It kind of looks like a phoenix moving its feathers in hyperspace -- kind of like a multidimensional phoenix.
The one that was just up is one of the ones I consider to be kind of like a bird, and actually feathers are something I see a lot of. If you look at one of the prints in here [gestures at the wall], the one that we use as a logo -- there's a wing. And one of my pieces is actually called "The Firebird," and I picked that name specifically in reference to Stravinsky's music -- the Firebird Suite.
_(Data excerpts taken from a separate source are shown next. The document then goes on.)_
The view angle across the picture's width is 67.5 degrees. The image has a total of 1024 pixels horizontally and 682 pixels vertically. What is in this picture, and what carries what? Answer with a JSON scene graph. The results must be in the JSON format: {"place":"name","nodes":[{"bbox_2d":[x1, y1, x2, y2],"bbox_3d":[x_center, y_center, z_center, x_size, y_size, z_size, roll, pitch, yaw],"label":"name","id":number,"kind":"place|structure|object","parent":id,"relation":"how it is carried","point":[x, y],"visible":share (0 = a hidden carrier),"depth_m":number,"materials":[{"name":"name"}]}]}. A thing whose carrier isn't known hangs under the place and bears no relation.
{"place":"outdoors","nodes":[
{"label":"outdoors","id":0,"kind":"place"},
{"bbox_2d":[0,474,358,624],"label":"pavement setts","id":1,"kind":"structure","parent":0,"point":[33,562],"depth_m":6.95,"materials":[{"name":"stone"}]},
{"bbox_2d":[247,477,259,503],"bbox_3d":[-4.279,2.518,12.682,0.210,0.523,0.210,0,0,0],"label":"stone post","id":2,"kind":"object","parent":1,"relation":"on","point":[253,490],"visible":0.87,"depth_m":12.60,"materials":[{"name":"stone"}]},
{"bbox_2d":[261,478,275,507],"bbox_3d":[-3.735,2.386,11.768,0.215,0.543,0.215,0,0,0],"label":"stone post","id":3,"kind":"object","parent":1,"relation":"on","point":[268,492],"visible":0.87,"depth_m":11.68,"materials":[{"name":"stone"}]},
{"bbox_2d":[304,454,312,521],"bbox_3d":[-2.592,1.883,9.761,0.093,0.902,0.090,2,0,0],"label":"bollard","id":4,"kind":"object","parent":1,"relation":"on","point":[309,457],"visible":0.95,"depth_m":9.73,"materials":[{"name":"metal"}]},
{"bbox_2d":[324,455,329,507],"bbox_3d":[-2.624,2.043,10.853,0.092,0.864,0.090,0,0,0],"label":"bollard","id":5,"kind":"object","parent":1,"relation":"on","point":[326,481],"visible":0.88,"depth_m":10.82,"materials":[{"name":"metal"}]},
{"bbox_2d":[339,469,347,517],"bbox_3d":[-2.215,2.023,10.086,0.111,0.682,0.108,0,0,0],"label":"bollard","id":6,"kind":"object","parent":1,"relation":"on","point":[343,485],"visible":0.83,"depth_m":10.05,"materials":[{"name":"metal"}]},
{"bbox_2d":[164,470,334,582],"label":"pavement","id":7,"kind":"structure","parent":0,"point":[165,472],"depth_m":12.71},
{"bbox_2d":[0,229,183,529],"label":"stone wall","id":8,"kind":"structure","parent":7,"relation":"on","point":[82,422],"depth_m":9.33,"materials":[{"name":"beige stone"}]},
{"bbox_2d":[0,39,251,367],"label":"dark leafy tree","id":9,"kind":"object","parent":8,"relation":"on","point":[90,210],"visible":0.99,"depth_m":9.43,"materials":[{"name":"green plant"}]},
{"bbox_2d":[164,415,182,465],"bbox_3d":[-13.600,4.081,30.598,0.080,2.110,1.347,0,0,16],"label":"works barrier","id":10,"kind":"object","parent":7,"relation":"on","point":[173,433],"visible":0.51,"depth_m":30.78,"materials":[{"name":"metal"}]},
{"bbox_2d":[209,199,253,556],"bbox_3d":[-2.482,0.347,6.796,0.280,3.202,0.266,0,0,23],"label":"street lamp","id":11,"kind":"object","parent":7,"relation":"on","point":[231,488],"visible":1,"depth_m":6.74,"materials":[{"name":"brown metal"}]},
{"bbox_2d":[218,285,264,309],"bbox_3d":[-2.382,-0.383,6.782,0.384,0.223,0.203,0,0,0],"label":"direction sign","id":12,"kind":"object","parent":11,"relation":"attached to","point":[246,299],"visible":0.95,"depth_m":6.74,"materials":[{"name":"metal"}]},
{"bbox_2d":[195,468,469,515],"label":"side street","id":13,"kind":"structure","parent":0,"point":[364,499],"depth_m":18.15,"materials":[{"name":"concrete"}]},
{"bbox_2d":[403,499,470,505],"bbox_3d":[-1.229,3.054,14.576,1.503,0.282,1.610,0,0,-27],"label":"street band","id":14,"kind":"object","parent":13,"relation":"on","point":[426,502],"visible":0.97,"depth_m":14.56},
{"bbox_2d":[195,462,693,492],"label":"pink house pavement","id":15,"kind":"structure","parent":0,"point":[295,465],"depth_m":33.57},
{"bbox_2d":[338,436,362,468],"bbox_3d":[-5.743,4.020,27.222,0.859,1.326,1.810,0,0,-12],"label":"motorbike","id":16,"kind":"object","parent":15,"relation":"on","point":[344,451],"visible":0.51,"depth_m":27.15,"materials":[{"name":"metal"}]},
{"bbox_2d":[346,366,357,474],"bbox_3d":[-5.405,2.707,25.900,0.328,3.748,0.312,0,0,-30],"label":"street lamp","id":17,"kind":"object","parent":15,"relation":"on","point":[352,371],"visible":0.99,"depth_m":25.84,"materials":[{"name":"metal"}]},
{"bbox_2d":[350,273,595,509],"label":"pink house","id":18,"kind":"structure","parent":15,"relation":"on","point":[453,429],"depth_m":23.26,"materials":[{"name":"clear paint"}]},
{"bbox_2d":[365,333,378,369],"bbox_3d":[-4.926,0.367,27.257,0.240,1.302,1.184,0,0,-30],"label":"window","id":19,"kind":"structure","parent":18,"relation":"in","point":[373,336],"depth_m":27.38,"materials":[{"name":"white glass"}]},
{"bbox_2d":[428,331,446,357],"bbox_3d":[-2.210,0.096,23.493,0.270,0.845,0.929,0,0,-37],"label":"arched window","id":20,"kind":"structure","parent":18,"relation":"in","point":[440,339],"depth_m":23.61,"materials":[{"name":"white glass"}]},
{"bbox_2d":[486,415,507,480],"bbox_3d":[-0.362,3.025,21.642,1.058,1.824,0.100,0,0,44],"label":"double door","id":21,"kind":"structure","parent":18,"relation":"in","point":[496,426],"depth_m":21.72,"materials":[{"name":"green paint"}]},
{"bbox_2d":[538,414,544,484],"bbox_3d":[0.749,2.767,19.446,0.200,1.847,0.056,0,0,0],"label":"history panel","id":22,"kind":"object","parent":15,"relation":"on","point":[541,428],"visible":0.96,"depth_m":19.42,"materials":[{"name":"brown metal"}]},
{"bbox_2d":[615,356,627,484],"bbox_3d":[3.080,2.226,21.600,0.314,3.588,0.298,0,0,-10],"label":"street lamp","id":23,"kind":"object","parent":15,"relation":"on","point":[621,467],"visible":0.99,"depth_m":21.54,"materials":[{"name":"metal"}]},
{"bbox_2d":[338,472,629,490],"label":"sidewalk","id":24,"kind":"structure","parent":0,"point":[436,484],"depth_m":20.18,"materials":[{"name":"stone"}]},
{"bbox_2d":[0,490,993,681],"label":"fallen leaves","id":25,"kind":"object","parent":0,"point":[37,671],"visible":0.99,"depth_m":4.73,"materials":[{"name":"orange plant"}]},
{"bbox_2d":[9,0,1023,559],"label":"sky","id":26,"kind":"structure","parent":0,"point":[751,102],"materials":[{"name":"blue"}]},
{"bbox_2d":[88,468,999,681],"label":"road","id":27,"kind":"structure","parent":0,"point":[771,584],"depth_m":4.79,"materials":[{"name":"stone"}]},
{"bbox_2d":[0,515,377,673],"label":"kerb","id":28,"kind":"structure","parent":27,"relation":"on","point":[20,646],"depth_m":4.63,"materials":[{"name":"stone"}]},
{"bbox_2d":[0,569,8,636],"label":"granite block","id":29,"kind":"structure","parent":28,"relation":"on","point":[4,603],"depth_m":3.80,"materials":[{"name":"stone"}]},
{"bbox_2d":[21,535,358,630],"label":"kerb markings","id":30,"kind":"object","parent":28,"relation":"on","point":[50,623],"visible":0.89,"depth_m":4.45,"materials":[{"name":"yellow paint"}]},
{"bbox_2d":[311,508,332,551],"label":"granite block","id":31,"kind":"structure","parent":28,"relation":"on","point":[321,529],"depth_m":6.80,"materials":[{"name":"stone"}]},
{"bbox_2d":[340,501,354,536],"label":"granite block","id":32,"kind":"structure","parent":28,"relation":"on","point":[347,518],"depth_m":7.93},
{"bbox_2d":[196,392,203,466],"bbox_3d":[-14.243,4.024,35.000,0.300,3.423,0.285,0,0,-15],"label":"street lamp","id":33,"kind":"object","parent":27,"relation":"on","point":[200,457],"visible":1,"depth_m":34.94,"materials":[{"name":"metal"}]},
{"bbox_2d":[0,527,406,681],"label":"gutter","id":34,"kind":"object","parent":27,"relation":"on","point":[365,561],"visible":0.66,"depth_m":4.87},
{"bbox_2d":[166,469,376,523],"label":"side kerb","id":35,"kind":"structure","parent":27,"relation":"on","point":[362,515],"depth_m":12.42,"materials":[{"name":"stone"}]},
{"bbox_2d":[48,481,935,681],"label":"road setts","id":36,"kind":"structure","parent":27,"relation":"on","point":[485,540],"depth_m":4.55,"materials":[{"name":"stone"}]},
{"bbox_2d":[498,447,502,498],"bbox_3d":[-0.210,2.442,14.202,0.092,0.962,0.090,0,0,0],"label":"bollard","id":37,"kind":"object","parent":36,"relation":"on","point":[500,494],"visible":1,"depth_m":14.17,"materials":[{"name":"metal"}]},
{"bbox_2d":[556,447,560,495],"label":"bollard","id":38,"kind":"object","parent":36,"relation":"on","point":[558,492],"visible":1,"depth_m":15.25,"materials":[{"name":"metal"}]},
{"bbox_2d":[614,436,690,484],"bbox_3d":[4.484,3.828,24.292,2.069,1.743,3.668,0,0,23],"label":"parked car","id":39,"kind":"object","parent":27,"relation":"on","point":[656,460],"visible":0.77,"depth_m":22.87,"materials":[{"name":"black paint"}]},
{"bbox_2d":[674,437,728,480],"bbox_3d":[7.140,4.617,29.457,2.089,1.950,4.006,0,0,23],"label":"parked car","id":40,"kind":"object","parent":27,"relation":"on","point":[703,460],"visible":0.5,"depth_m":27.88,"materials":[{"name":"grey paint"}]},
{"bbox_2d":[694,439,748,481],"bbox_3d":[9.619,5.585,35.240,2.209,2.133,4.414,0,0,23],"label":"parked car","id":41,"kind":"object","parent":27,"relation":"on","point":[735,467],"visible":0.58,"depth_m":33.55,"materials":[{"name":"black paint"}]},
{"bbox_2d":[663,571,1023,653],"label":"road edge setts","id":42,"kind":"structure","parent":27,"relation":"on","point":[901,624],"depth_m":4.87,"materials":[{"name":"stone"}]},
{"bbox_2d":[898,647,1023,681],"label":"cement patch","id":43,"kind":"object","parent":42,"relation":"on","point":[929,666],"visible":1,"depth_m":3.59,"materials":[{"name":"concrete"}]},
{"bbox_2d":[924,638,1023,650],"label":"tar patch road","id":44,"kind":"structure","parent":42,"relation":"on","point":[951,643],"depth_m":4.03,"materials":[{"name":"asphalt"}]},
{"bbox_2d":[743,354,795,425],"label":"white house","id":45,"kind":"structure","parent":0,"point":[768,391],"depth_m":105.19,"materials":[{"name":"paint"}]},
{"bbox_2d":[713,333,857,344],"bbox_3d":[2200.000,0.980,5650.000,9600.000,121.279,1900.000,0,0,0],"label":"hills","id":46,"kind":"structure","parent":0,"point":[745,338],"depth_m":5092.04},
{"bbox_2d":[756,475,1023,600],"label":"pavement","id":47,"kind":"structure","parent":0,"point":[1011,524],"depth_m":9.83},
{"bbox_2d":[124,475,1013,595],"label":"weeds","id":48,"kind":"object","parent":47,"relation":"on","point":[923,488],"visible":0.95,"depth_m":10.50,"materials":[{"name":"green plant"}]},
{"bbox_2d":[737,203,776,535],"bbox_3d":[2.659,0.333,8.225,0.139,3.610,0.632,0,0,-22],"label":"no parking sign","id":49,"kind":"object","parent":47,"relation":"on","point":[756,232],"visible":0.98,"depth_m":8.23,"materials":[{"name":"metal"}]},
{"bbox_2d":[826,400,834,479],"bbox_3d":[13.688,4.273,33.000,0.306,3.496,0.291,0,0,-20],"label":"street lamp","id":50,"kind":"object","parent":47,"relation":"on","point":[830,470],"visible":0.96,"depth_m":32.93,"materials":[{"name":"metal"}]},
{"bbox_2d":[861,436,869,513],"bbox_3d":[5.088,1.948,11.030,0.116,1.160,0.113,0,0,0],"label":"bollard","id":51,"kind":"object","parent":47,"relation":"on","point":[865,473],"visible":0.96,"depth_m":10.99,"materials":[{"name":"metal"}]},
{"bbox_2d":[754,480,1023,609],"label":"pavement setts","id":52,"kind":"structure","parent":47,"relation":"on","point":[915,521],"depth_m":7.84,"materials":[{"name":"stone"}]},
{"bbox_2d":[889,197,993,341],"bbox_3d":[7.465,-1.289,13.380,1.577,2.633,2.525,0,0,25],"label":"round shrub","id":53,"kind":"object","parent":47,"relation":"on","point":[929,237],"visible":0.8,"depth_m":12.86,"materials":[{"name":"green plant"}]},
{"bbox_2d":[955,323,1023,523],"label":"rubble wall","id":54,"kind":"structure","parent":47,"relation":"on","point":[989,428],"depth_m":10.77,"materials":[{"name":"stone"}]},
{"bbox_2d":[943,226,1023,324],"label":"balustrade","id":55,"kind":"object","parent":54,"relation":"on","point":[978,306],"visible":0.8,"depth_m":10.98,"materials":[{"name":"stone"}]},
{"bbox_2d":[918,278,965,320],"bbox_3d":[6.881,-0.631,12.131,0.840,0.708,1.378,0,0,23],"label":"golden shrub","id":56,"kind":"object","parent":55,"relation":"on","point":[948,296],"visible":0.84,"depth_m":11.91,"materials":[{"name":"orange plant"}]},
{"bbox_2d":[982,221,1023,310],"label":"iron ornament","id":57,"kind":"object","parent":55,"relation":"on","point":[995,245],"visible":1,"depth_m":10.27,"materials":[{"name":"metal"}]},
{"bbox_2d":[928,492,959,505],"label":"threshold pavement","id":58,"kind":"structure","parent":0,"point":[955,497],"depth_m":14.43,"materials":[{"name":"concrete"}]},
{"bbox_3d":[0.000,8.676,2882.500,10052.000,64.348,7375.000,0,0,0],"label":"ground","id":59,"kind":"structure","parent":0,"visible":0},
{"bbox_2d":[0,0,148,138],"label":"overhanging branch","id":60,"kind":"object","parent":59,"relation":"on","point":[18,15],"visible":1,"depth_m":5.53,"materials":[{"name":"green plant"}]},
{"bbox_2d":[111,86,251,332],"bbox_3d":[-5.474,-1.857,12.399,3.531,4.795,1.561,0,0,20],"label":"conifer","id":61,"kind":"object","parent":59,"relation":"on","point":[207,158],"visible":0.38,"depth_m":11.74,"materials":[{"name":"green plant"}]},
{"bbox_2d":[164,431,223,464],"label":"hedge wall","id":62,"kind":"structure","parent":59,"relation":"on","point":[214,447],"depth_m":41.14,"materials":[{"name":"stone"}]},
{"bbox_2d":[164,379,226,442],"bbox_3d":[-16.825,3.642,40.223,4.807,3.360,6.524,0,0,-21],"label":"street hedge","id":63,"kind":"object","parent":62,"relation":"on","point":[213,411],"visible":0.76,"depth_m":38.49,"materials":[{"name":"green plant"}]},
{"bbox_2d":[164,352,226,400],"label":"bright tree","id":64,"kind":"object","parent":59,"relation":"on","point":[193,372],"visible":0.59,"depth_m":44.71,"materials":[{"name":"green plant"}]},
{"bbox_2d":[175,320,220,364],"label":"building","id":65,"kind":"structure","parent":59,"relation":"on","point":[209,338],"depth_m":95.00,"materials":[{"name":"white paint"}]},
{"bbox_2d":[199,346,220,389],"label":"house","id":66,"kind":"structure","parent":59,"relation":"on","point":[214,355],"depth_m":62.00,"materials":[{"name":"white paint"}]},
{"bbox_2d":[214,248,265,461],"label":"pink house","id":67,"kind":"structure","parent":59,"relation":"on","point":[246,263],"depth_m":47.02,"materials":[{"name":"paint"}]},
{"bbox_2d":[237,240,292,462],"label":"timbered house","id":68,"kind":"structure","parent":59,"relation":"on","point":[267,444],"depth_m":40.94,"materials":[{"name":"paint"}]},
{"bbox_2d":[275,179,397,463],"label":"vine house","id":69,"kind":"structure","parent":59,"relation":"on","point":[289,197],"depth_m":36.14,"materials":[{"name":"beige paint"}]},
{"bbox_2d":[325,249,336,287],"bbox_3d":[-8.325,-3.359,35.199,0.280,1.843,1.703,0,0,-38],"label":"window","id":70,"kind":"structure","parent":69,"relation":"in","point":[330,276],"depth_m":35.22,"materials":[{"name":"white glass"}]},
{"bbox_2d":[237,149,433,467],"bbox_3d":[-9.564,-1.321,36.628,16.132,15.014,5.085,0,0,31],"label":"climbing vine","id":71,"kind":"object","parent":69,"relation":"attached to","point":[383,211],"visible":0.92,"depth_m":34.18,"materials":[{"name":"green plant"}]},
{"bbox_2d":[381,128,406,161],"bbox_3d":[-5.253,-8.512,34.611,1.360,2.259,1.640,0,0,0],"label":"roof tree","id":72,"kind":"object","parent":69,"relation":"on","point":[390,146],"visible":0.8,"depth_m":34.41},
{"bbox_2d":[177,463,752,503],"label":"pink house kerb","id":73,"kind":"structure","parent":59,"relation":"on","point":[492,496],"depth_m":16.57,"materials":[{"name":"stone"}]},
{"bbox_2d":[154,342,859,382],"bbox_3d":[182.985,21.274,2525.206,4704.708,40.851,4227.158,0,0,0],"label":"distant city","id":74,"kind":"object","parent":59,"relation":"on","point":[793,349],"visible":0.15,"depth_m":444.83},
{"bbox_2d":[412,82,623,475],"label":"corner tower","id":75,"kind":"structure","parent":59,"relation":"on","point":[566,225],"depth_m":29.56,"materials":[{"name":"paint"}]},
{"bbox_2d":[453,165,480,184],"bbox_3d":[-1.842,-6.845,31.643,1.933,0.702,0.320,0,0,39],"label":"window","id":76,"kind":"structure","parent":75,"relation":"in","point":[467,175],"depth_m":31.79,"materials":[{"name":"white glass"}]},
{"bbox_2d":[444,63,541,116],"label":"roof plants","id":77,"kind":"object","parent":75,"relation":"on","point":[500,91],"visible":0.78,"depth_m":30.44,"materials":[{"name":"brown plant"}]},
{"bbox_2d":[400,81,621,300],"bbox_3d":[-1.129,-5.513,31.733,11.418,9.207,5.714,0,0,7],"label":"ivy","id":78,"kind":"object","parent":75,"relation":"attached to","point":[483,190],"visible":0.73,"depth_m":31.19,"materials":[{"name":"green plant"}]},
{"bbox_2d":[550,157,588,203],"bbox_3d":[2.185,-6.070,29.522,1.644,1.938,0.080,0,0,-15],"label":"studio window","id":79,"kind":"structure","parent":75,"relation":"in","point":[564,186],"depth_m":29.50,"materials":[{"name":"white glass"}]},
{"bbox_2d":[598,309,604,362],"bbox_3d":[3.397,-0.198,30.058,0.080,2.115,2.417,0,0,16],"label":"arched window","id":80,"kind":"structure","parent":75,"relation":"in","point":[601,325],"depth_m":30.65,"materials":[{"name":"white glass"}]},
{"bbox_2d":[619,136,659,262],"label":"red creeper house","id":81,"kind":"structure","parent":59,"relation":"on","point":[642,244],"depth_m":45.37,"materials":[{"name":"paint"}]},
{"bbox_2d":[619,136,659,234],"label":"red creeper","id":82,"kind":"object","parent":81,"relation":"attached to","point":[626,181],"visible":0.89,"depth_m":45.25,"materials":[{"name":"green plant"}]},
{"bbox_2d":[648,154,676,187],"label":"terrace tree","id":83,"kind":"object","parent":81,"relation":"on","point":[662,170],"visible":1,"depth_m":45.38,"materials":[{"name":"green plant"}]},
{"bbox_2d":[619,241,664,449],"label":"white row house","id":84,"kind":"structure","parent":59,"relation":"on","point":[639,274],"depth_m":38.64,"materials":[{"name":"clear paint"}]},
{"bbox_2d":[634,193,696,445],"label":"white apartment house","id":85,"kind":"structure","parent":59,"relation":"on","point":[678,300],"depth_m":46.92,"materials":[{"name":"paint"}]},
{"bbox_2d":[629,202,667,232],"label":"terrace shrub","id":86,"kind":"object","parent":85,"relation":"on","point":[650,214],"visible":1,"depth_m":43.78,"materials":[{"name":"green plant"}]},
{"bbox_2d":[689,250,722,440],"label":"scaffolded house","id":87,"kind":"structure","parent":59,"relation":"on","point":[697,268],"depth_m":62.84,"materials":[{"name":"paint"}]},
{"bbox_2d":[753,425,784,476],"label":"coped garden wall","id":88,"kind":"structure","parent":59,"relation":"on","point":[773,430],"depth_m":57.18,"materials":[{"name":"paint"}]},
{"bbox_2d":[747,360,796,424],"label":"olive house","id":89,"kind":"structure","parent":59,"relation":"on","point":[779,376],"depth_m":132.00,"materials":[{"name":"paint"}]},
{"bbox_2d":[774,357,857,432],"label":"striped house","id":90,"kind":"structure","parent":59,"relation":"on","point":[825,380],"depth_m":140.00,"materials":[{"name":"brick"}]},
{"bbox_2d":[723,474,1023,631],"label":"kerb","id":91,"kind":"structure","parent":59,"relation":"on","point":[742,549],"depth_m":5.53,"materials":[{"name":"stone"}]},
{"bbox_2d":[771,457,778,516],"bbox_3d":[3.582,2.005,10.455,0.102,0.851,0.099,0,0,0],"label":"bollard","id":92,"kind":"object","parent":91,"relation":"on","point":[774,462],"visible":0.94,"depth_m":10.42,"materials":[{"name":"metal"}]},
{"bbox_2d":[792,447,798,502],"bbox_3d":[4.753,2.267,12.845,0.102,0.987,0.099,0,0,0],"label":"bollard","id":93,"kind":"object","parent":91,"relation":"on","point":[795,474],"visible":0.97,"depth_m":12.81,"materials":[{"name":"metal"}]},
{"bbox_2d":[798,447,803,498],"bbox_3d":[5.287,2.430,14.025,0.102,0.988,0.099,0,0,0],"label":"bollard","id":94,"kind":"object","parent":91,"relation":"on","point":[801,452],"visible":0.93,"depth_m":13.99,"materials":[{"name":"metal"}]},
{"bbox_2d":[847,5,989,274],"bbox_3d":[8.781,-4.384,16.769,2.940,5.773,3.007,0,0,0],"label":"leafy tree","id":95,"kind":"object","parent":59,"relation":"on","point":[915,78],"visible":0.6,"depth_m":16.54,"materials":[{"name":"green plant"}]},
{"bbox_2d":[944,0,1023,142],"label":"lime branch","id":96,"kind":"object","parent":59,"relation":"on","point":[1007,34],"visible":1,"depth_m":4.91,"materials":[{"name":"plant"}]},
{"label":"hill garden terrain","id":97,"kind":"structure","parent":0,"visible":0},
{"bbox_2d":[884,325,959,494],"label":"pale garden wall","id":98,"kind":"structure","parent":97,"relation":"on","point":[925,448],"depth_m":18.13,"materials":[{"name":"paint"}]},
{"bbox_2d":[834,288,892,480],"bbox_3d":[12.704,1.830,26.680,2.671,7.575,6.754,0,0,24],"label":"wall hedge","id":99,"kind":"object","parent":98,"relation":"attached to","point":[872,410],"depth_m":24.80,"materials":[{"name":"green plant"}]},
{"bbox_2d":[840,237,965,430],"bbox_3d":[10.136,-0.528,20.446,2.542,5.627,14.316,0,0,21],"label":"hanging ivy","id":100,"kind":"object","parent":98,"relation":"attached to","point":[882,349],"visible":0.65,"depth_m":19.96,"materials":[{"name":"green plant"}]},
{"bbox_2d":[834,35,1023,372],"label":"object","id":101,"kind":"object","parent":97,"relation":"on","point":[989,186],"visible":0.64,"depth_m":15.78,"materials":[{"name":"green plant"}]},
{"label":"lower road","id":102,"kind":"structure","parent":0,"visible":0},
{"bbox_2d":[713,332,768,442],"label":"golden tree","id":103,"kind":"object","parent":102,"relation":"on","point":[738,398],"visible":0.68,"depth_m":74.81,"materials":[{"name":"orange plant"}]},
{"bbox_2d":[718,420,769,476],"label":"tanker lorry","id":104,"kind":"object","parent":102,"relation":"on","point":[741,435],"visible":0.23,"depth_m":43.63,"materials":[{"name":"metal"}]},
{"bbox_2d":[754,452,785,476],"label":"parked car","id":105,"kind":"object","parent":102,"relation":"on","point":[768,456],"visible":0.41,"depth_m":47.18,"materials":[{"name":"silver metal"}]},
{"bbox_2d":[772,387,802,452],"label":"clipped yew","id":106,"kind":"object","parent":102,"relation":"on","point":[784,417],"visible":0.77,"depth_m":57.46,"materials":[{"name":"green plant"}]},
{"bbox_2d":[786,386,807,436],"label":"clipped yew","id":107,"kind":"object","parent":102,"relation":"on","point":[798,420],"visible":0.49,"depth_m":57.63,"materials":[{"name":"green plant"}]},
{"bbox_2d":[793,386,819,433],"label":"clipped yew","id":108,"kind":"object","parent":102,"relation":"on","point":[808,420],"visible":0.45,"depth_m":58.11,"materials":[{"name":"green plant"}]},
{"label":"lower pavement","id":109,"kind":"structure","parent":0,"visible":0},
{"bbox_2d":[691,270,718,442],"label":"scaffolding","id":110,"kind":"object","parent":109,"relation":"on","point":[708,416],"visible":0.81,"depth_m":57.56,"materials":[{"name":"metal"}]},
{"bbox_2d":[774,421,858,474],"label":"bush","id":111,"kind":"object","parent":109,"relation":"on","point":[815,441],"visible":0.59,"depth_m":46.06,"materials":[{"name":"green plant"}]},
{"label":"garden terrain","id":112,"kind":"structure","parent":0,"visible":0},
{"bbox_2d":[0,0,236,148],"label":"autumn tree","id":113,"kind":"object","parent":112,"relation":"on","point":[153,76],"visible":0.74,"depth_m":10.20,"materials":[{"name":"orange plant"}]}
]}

What was the significance of Stravinsky?
He was really the origin of modern music, in the early 20th century when they were trying to throw off the reins of classicism and romanticism, basically embracing freedom and personal expression. I see myself as doing the same thing while trying to push the art world in that direction, too -- throwing off the reins of the material world and entering into a more abstract or mathematical or even spiritual world, and making the connections. Part of what I'm doing is trying to create life in digital form. And life -- that's spirit or soul or essence (there's all these different ways of talking about it) -- is essentially about throwing off the material and getting into the spiritual. There's a lot of ways of doing it and this is the way with mathematics -- computer power, these algorithms, Darwinian evolution, artificial intelligence.... There are a lot of different techniques and they're all sort of in the pot, being stirred up, in order to make this thing.
Where did the idea for Electric Sheep come from?
It started in 1999, so, it's thirteen years old now. It's a big system; there's no one flash of insight that made it appear to be a finished product in my mind. It has really accumulated over a long time. Because I work with a community, I get input from a lot of people. It's no longer just me. But there was a point when it started, and I remember that very clearly. I was hanging out with a friend of mine in San Francisco, and I had just gotten this a video tape in the mail. It was of the Flame algorithm, animated, and it was made by somebody else. Since the code was open source, it was on the web. People were using it to make their own art, even back then.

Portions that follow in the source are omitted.